[Items from a data source]
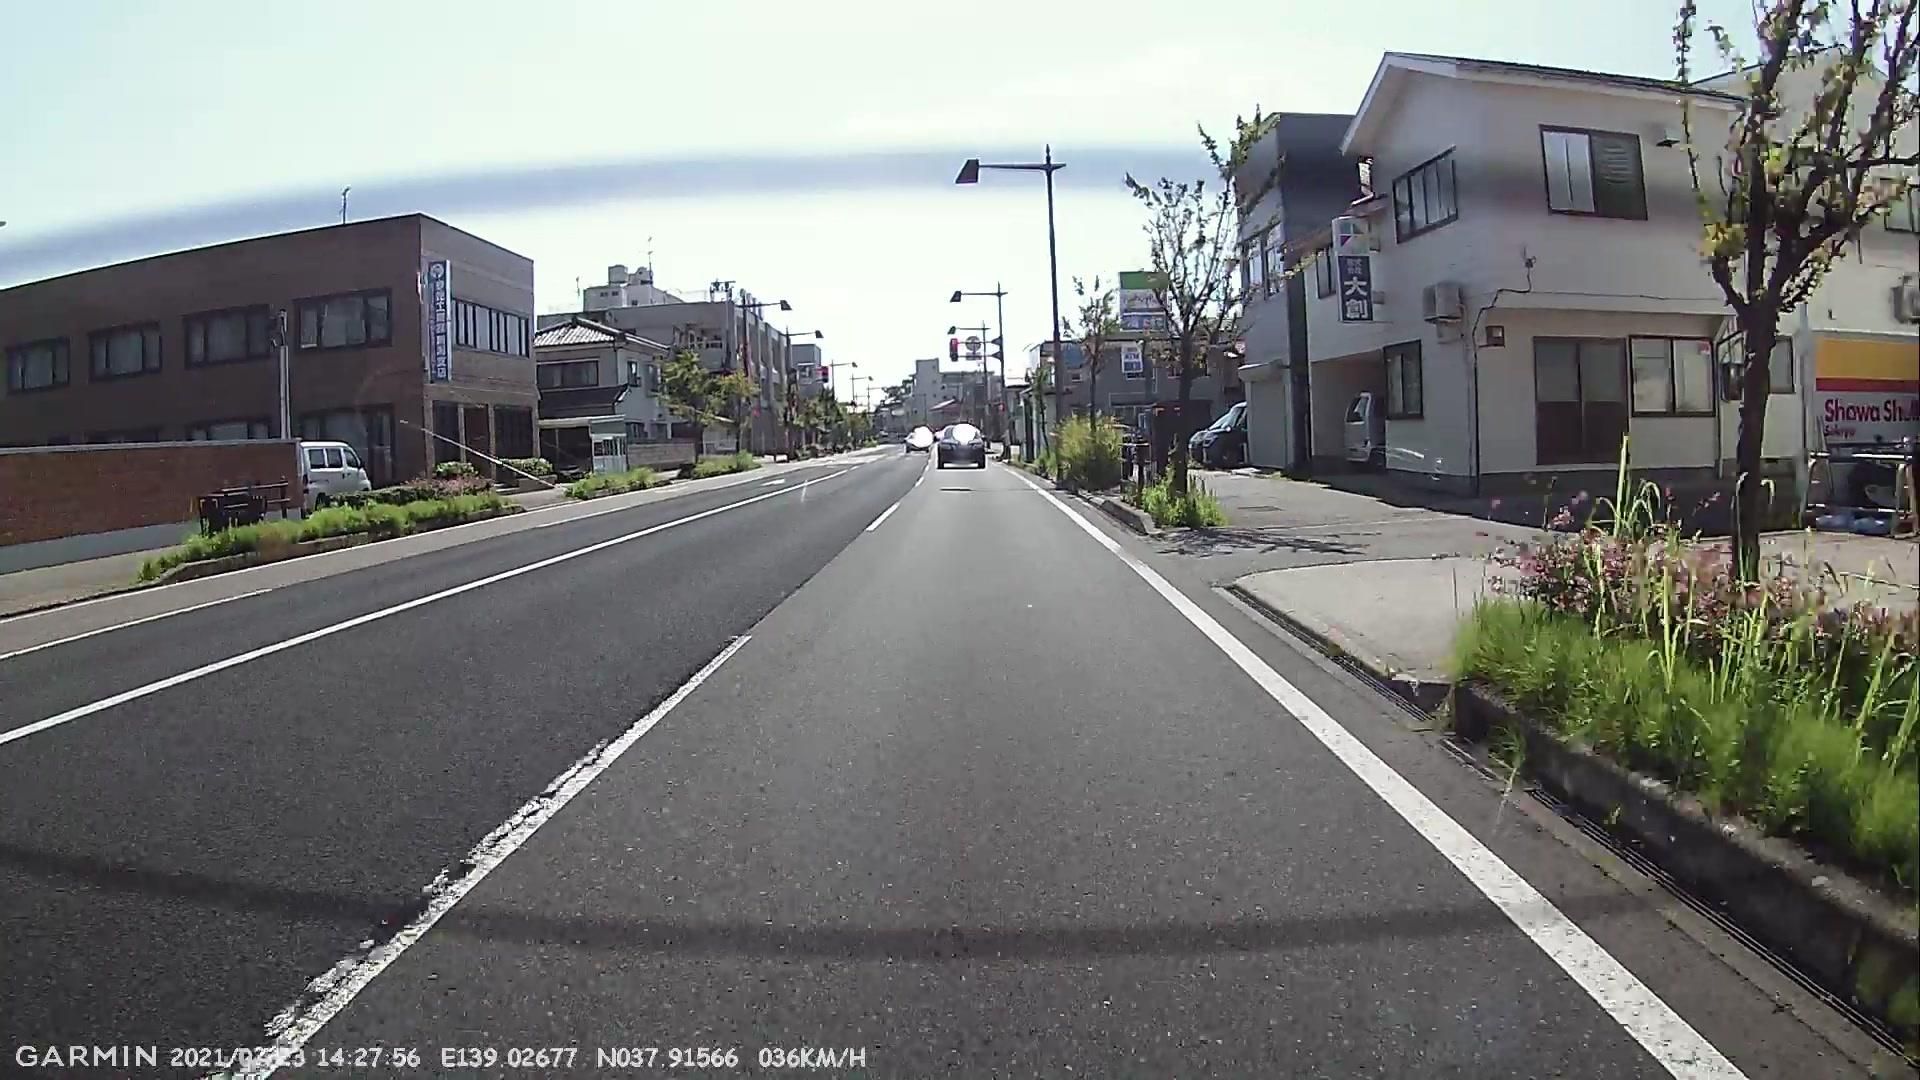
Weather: clear
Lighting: day
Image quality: good
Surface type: driving surface
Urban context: urban centre
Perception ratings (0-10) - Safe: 5.22, Lively: 7.22, Beautiful: 7.13, Boring: 2.96, Depressing: 3.2, Wealthy: 2.19

Description of the task.
A faithful, word-for-word copy of the data is needed; the pictures should not appear in it.

Expected answer.
Weather: clear
Lighting: day
Image quality: good
Surface type: driving surface
Urban context: urban centre
Perception ratings (0-10) - Safe: 5.22, Lively: 7.22, Beautiful: 7.13, Boring: 2.96, Depressing: 3.2, Wealthy: 2.19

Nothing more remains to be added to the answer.